I'm sorry, could you try to be a little clearer while simultaneously cleaning your spelling and grammar? I'm having a little trouble trying to understand the gist of your post.

EDIT: I don't actually know what that would be called medically. Are you looking for an exacted medical term, or a definitive one that satisfies the requirements of realism, but isn't necessarily an actual disease/ailment? I'm sorry, I'm having a little trouble following along here.


----------



## M. LeRenard (Sep 18, 2011)

I think you're using the wrong definition of 'energy' for a sci-fi story.  Do you just mean you can see across the whole spectrum of electromagnetism, or something?  In which case, it wouldn't have to be a technological world for things to be bright.  You'd see every possible wavelength coming from the sun that can get through the atmosphere, you can see every wavelength of fluorescence the atmosphere itself gives out, you could see the ground, buildings, other animals, everything giving off infrared light.  The night sky would be full of incredibly bright stars, and you could make out in perfect clarity all the dust lanes and clouds of hydrogen gas in the galaxy, and in other galaxies.  And so on and so forth.
But I don't think that's what you're getting at, exactly.  So maybe try to be a little clearer about what you mean.


----------



## Hunter (Sep 18, 2011)

M. Le Renard said:


> I think you're using the wrong definition of 'energy' for a sci-fi story.  Do you just mean you can see across the whole spectrum of electromagnetism, or something?  In which case, it wouldn't have to be a technological world for things to be bright.  You'd see every possible wavelength coming from the sun that can get through the atmosphere, you can see every wavelength of fluorescence the atmosphere itself gives out, you could see the ground, buildings, other animals, everything giving off infrared light.  The night sky would be full of incredibly bright stars, and you could make out in perfect clarity all the dust lanes and clouds of hydrogen gas in the galaxy, and in other galaxies.  And so on and so forth.
> But I don't think that's what you're getting at, exactly.  So maybe try to be a little clearer about what you mean.
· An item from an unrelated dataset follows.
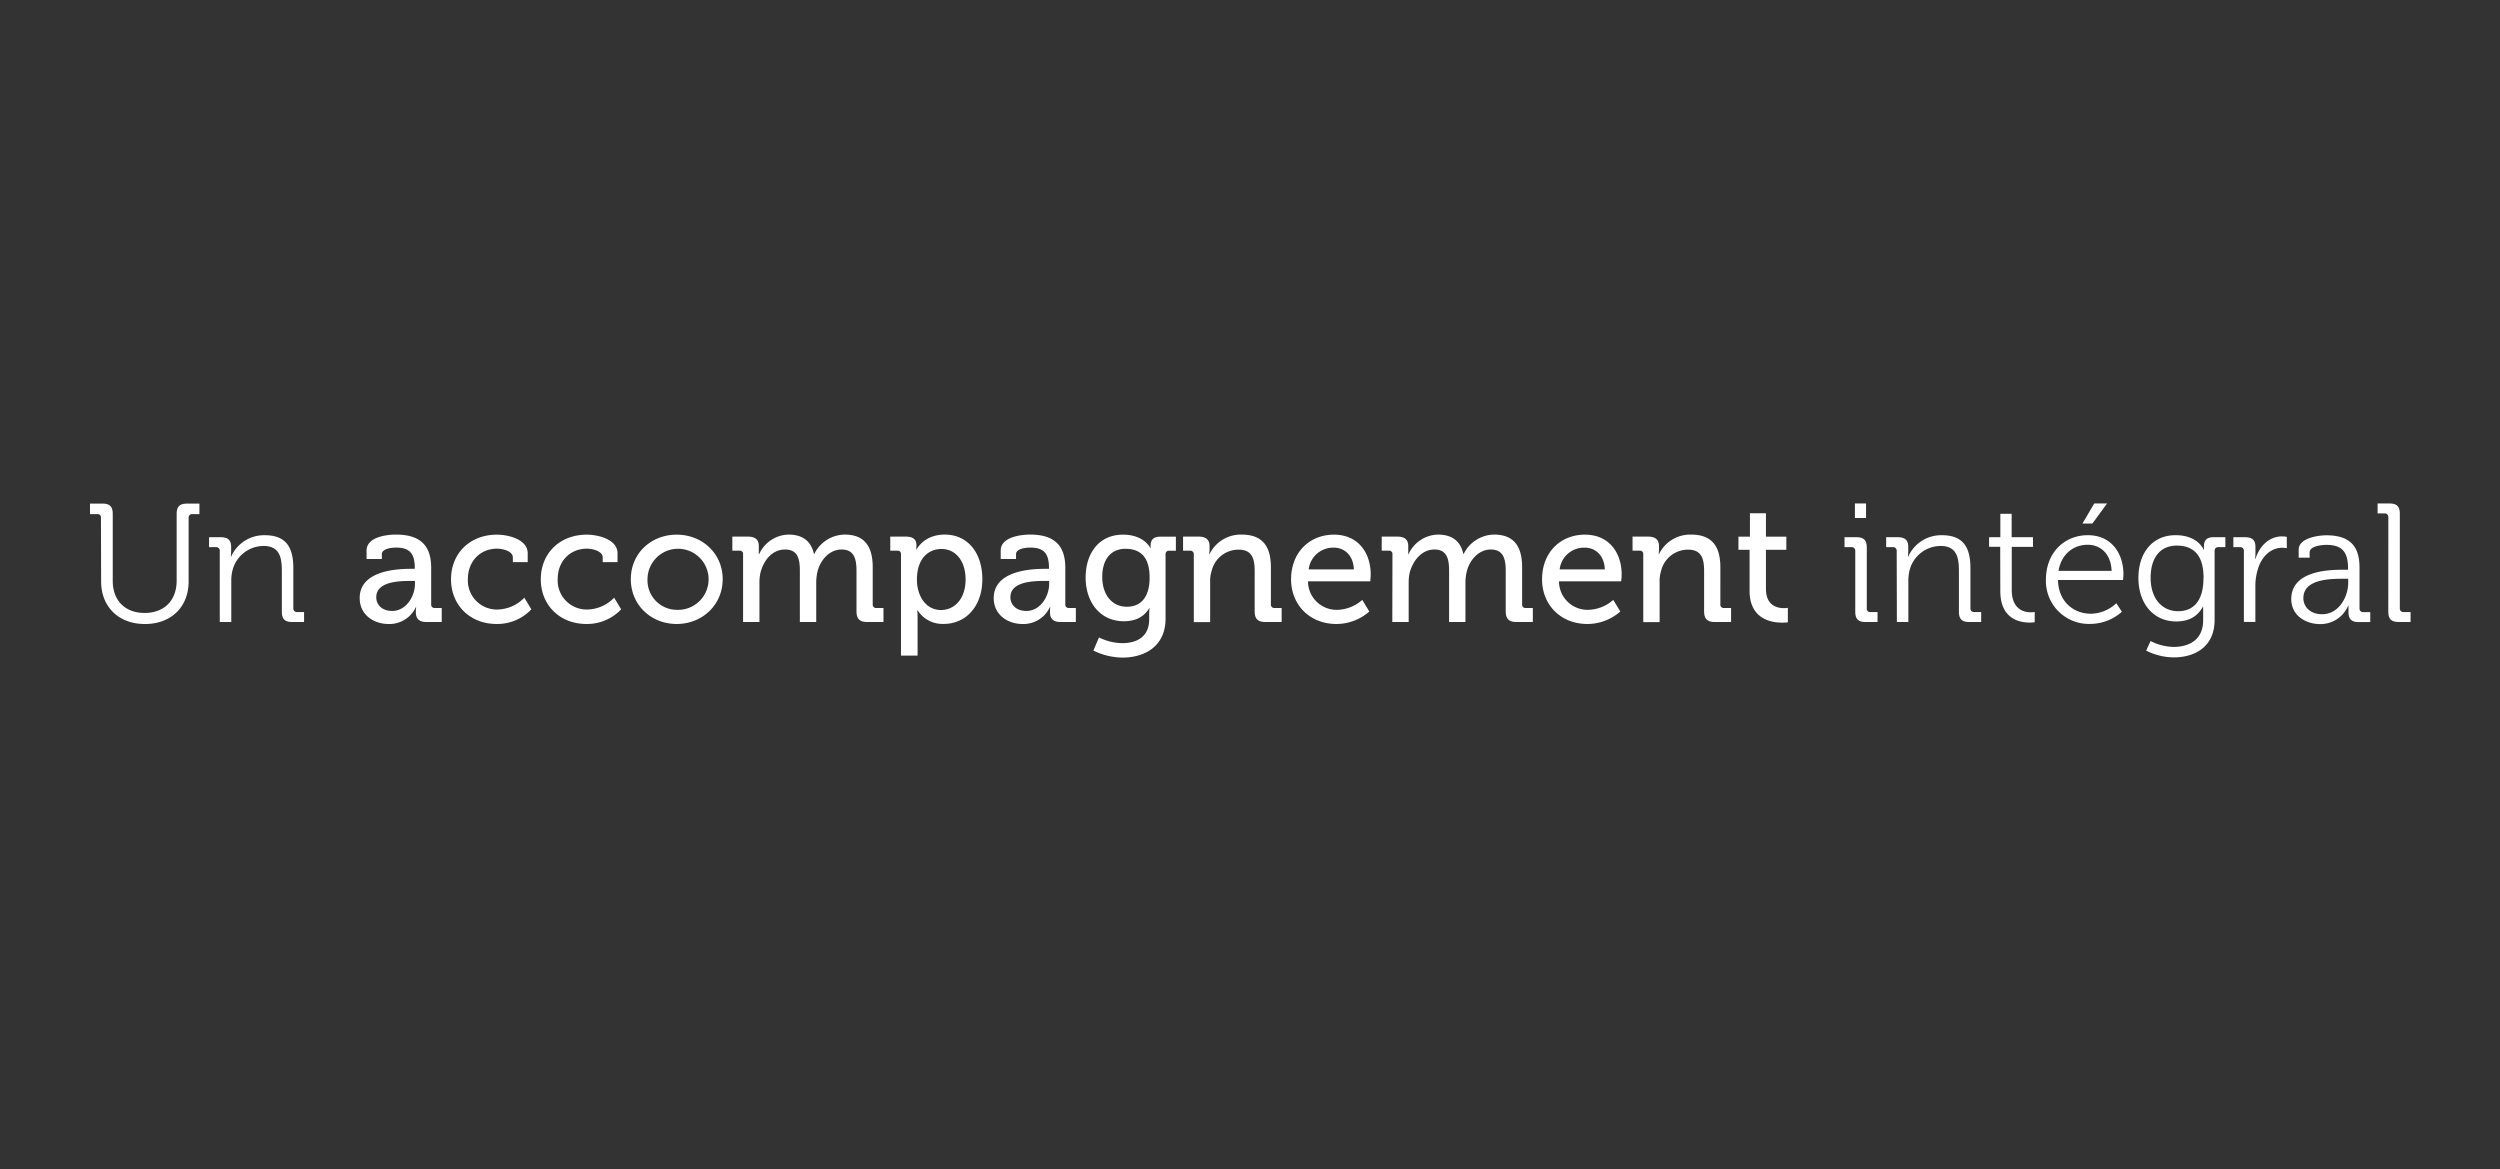 <svg id="Calque_1" data-name="Calque 1" xmlns="http://www.w3.org/2000/svg" viewBox="0 0 712 333"><rect x="0" y="0" width="712" height="333" fill="#333333" stroke="none"/><defs><style>.cls-1{fill:#fff;}</style></defs><title>FIMA - texte slider_4</title><path class="cls-1" d="M28.75,147.42a.93.93,0,0,0-1.05-1H25.63v-3h3.55c2.07,0,2.93.86,2.93,2.93v19.1c0,5.62,3.56,9.12,9.08,9.12s9.12-3.5,9.12-9.21v-19c0-2.07.86-2.93,2.92-2.93h3.56v3H54.72a.93.93,0,0,0-1,1v18.15c0,7.3-5,12.14-12.44,12.14s-12.48-4.84-12.48-12.14Z"/><path class="cls-1" d="M62.59,156.88a1,1,0,0,0-1.05-1.06h-2V153h3.36c2,0,2.93.87,2.93,2.69v1.1a15,15,0,0,1-.1,1.73h.1a10.25,10.25,0,0,1,9.6-6.09c6,0,8.11,3.4,8.11,9.36v11.47a1,1,0,0,0,1.06,1.06h2v2.83h-3.4c-2.07,0-2.93-.87-2.93-2.93V162.64c0-3.79-.58-7.15-5.23-7.15a9.18,9.18,0,0,0-8.79,6.81,11.92,11.92,0,0,0-.38,3.27v11.57H62.59Z"/><path class="cls-1" d="M117.07,162h1.06v-.24c0-4.28-1.59-5.81-5.38-5.81-1.15,0-4,.29-4,1.87v1.39H104.4v-2.4c0-4,6-4.56,8.4-4.56,7.87,0,10,4.13,10,9.51V172.1a.93.93,0,0,0,1,1.05h2v4h-4.37c-2.16,0-3-1.06-3-2.79a11.32,11.32,0,0,1,.09-1.44h-.09a8.3,8.3,0,0,1-7.73,4.8c-4.18,0-8.26-2.54-8.26-7.39C102.43,162.5,113,162,117.07,162ZM111.7,174c3.93,0,6.48-4.13,6.48-7.73v-.82H117c-3.51,0-9.84.2-9.84,4.66C107.14,172.05,108.62,174,111.7,174Z"/><path class="cls-1" d="M141.55,152.27c2.93,0,8.74,1.2,8.74,5.33v2.5h-4.23v-1.35c0-1.73-2.73-2.49-4.51-2.49-4.75,0-8.3,3.55-8.3,8.69a8.26,8.26,0,0,0,8.54,8.64,10.93,10.93,0,0,0,7.54-3.37l2,3.32a13.36,13.36,0,0,1-9.88,4.17c-7.64,0-13-5.42-13-12.72S133.73,152.27,141.55,152.27Z"/><path class="cls-1" d="M167.14,152.27c2.92,0,8.73,1.2,8.73,5.33v2.5h-4.22v-1.35c0-1.73-2.74-2.49-4.51-2.49-4.76,0-8.31,3.55-8.31,8.69a8.27,8.27,0,0,0,8.55,8.64,10.9,10.9,0,0,0,7.53-3.37l2,3.32a13.39,13.39,0,0,1-9.89,4.17c-7.63,0-13-5.42-13-12.72S159.31,152.27,167.14,152.27Z"/><path class="cls-1" d="M192.72,152.27c7.25,0,13.1,5.33,13.1,12.68s-5.85,12.76-13.1,12.76-13.06-5.37-13.06-12.76S185.47,152.27,192.72,152.27Zm0,21.41a8.7,8.7,0,1,0-8.31-8.73A8.39,8.39,0,0,0,192.72,173.68Z"/><path class="cls-1" d="M211.63,157.89a.94.94,0,0,0-1.06-1.06h-2v-4h4.47c2.11,0,3.07.91,3.07,2.69v.91c0,.77,0,1.39,0,1.39h.1a9.42,9.42,0,0,1,8.3-5.57c4.13,0,6.48,1.87,7.3,5.52h.1a9.77,9.77,0,0,1,8.64-5.52c5.47,0,8,3.12,8,9.31V172.1a.94.94,0,0,0,1.06,1.05h2v4H247c-2.16,0-3.07-.91-3.07-3.07V162.59c0-3.41-.67-6.09-4.27-6.09-3.36,0-6,2.92-6.82,6.24a13.88,13.88,0,0,0-.38,3.31v11.09h-4.66V162.59c0-3.17-.48-6.09-4.18-6.09s-6.05,3-7,6.43a13,13,0,0,0-.33,3.12v11.09h-4.66Z"/><path class="cls-1" d="M256.6,157.89a.94.94,0,0,0-1.05-1.06h-2v-4H258c2.16,0,3,.91,3,2.45,0,.72-.05,1.29-.05,1.29H261s2-4.32,8.07-4.32c6.53,0,10.7,5.19,10.7,12.72,0,7.73-4.7,12.72-11,12.72a8.4,8.4,0,0,1-7.44-3.88h-.09s.09.86.09,2.11v10.8H256.6ZM268,173.73c3.84,0,7-3.17,7-8.69,0-5.28-2.83-8.69-6.86-8.69-3.6,0-7,2.55-7,8.74C261.12,169.41,263.47,173.73,268,173.73Z"/><path class="cls-1" d="M297.69,162h1.06v-.24c0-4.28-1.58-5.81-5.38-5.81-1.15,0-4,.29-4,1.87v1.39H285v-2.4c0-4,6.05-4.56,8.4-4.56,7.87,0,10,4.13,10,9.51V172.1a.93.93,0,0,0,1,1.05h2v4h-4.37c-2.16,0-3-1.06-3-2.79a11.32,11.32,0,0,1,.09-1.44H299a8.3,8.3,0,0,1-7.73,4.8c-4.18,0-8.26-2.54-8.26-7.39C283.05,162.5,293.61,162,297.69,162ZM292.32,174c3.93,0,6.48-4.13,6.48-7.73v-.82h-1.2c-3.51,0-9.84.2-9.84,4.66C287.76,172.05,289.25,174,292.32,174Z"/><path class="cls-1" d="M319.82,152.27c6.05,0,7.78,3.79,7.78,3.79h.09v-.76c0-1.44.77-2.45,2.69-2.45h4.51v4H333a.93.93,0,0,0-1.05,1v18.34c0,8-6.1,11.09-12.24,11.09a19.11,19.11,0,0,1-8.31-2l1.59-3.74a15.28,15.28,0,0,0,6.62,1.63c4.23,0,7.68-1.87,7.68-6.77v-1.63a13.7,13.7,0,0,1,.1-1.54h-.1c-1.44,2.36-3.7,3.7-7.25,3.7-6.72,0-10.85-5.42-10.85-12.43S313.05,152.27,319.82,152.27Zm7.59,12.19c0-6.33-3.12-8.16-6.87-8.16-4.22,0-6.62,3.08-6.62,8s2.64,8.5,7,8.5C324.29,172.82,327.41,170.8,327.41,164.46Z"/><path class="cls-1" d="M340,157.89a1,1,0,0,0-1.06-1.06h-2v-4h4.47c2.06,0,3.07.91,3.07,2.69v.91a9.73,9.73,0,0,1-.1,1.39h.1a9.89,9.89,0,0,1,9.12-5.57c5.76,0,8.35,3.12,8.35,9.31V172.1a.94.94,0,0,0,1.06,1.05h2v4h-4.61c-2.16,0-3.07-.91-3.07-3.07V162.64c0-3.41-.67-6.1-4.56-6.1a7.87,7.87,0,0,0-7.68,6,9.82,9.82,0,0,0-.44,3.26v11.38H340Z"/><path class="cls-1" d="M379.92,152.27c6.81,0,10.46,5.09,10.46,11.38,0,.62-.14,1.92-.14,1.92H372.52a8.14,8.14,0,0,0,8.36,8.11,11.17,11.17,0,0,0,7.1-2.83l2,3.31a14.22,14.22,0,0,1-9.36,3.55c-7.68,0-12.92-5.52-12.92-12.72C367.72,157.26,373,152.27,379.92,152.27Zm5.66,9.89c-.14-4-2.69-6.19-5.71-6.19a7,7,0,0,0-7.15,6.19Z"/><path class="cls-1" d="M396.57,157.89a.94.94,0,0,0-1.06-1.06h-2v-4H398c2.11,0,3.07.91,3.07,2.69v.91c0,.77,0,1.39,0,1.39h.09a9.42,9.42,0,0,1,8.31-5.57c4.12,0,6.48,1.87,7.29,5.52h.1a9.77,9.77,0,0,1,8.64-5.52c5.47,0,8,3.12,8,9.31V172.1a.93.93,0,0,0,1.05,1.05h2v4H431.9c-2.16,0-3.07-.91-3.07-3.07V162.59c0-3.41-.67-6.09-4.27-6.09-3.36,0-6,2.92-6.82,6.24a13.88,13.88,0,0,0-.38,3.31v11.09H412.7V162.59c0-3.17-.48-6.09-4.18-6.09-3.55,0-6,3-7,6.43a13,13,0,0,0-.33,3.12v11.09h-4.66Z"/><path class="cls-1" d="M451.39,152.27c6.81,0,10.46,5.09,10.46,11.38,0,.62-.14,1.92-.14,1.92H444a8.14,8.14,0,0,0,8.36,8.11,11.17,11.17,0,0,0,7.1-2.83l2,3.31a14.22,14.22,0,0,1-9.36,3.55c-7.68,0-12.92-5.52-12.92-12.72C439.19,157.26,444.47,152.27,451.39,152.27Zm5.66,9.89c-.14-4-2.69-6.19-5.71-6.19a7,7,0,0,0-7.15,6.19Z"/><path class="cls-1" d="M468,157.89a.94.94,0,0,0-1.05-1.06h-2v-4h4.46c2.07,0,3.07.91,3.07,2.69v.91a10.79,10.79,0,0,1-.09,1.39h.09a9.89,9.89,0,0,1,9.12-5.57c5.77,0,8.36,3.12,8.36,9.31V172.1a.93.93,0,0,0,1.05,1.05h2v4h-4.61c-2.16,0-3.07-.91-3.07-3.07V162.64c0-3.41-.67-6.1-4.56-6.1a7.88,7.88,0,0,0-7.68,6,9.83,9.83,0,0,0-.43,3.26v11.38H468Z"/><path class="cls-1" d="M498.28,156.59h-3.17v-3.74h3.27v-6.68h4.56v6.68h5.81v3.74h-5.81v11.14c0,4.85,3.36,5.47,5.13,5.47a6,6,0,0,0,1.11-.09v4.12a11.48,11.48,0,0,1-1.63.1c-3.08,0-9.27-1-9.27-9.07Z"/><path class="cls-1" d="M528.38,156.88a1,1,0,0,0-1.06-1.06h-2V153h3.41c2.07,0,2.93.87,2.93,2.93v17.33a.94.94,0,0,0,1.06,1.06h2v2.83H531.3c-2.06,0-2.92-.87-2.92-2.93Zm-.1-13.49h3.17v4.13h-3.17Z"/><path class="cls-1" d="M540.18,156.88a1,1,0,0,0-1-1.06h-2V153h3.36c2,0,2.93.87,2.93,2.69v1.1a15,15,0,0,1-.1,1.73h.1a10.25,10.25,0,0,1,9.6-6.09c6,0,8.11,3.4,8.11,9.36v11.47a1,1,0,0,0,1.06,1.06h2v2.83h-3.41c-2.07,0-2.93-.87-2.93-2.93V162.64c0-3.79-.58-7.15-5.23-7.15a9.19,9.19,0,0,0-8.79,6.81,11.92,11.92,0,0,0-.38,3.27v11.57h-3.27Z"/><path class="cls-1" d="M569.66,155.73h-3.17V153h3.21v-6.67h3.22V153H579v2.74h-6.05V168c0,5.66,3.6,6.38,5.42,6.38a6,6,0,0,0,1.11-.09v2.92a9,9,0,0,1-1.39.1c-2.79,0-8.4-.91-8.4-9Z"/><path class="cls-1" d="M594.62,152.42c6.67,0,10.13,5.13,10.13,11.13,0,.58-.1,1.63-.1,1.63H586.12c.1,6.1,4.37,9.61,9.36,9.61a10.75,10.75,0,0,0,7.25-3l1.58,2.45a13.69,13.69,0,0,1-9,3.45,12.23,12.23,0,0,1-12.63-12.62C582.71,157.17,588.14,152.42,594.62,152.42Zm6.77,10.17c-.2-5-3.27-7.44-6.82-7.44-4,0-7.49,2.59-8.31,7.44Zm-4.95-19.2h3.65l-4.18,5.71h-2.83Z"/><path class="cls-1" d="M619.58,152.42c6.48,0,8,4.12,8,4.12h.1v-.91c0-1.73.77-2.64,2.74-2.64h3.36v2.83h-2a1,1,0,0,0-1.06,1.06v19.68c0,7.68-5.66,10.66-11.62,10.66a17.65,17.65,0,0,1-7.87-1.92l1.25-2.74a14.85,14.85,0,0,0,6.53,1.68c4.7,0,8.45-2.21,8.45-7.58v-2.12c0-.91,0-1.72,0-1.72h-.1c-1.44,2.64-3.84,4.17-7.58,4.17-6.49,0-10.76-5.13-10.76-12.38S613.1,152.42,619.58,152.42Zm8,12.19c0-7.06-3.36-9.22-7.64-9.22-4.7,0-7.44,3.41-7.44,9.17s3.12,9.51,7.87,9.51C624.19,174.07,627.55,171.71,627.55,164.61Z"/><path class="cls-1" d="M639.06,156.88a1,1,0,0,0-1-1.06h-2V153h3.36c2,0,2.93.82,2.93,2.74v1.63a16.56,16.56,0,0,1-.1,1.82h.1c1.15-3.64,3.84-6.43,7.63-6.43a6.37,6.37,0,0,1,1.3.15v3.21A8.88,8.88,0,0,0,650,156c-3.41,0-6,2.68-7,6.24a15.85,15.85,0,0,0-.67,4.7v10.18h-3.27Z"/><path class="cls-1" d="M667.38,162.26h1.35V162c0-5-1.82-6.82-6.24-6.82-1.2,0-4.71.34-4.71,2.11v1.54h-3.12v-2.3c0-3.36,5.76-4.08,7.88-4.08,7.63,0,9.45,4.08,9.45,9.26v11.57a1,1,0,0,0,1.06,1.06h2v2.83h-3.32c-2.06,0-2.88-.91-2.88-2.88,0-1.06,0-1.78,0-1.78h-.09a8.56,8.56,0,0,1-8,5.23c-4,0-8.21-2.35-8.21-7.15C652.6,162.54,663.21,162.26,667.38,162.26Zm-6,12.67c4.61,0,7.39-4.8,7.39-9v-1.1h-1.39c-3.8,0-11.38.1-11.38,5.52C656,172.62,657.74,174.93,661.34,174.93Z"/><path class="cls-1" d="M680.2,147.28a1,1,0,0,0-1.06-1.06h-2v-2.83h3.41c2.06,0,2.92.86,2.92,2.93v26.93a1,1,0,0,0,1.06,1.06h2v2.83h-3.41c-2.07,0-2.93-.87-2.93-2.93Z"/></svg>

M. Le Renard  i think you got most of what i am trying to say and i apologize if i cant fully express myself "and the tad loopy spellchecker"

in this story , most Furs can see just a little  beyond the usual spectrum , some are a bit more sensitive but learn to tune it out , like focusing on a conversation in a crowd.
BUT some rare individuals are super secretive ,   usual living sources and the background energy arnt the problem it's all the tech thas saturates everything , plasma conduits stream like burning bright neon , fusion batteries shine bright like stars , holodisplays shine so bright you cant read them , imagine it even with your eyes closed it still bright.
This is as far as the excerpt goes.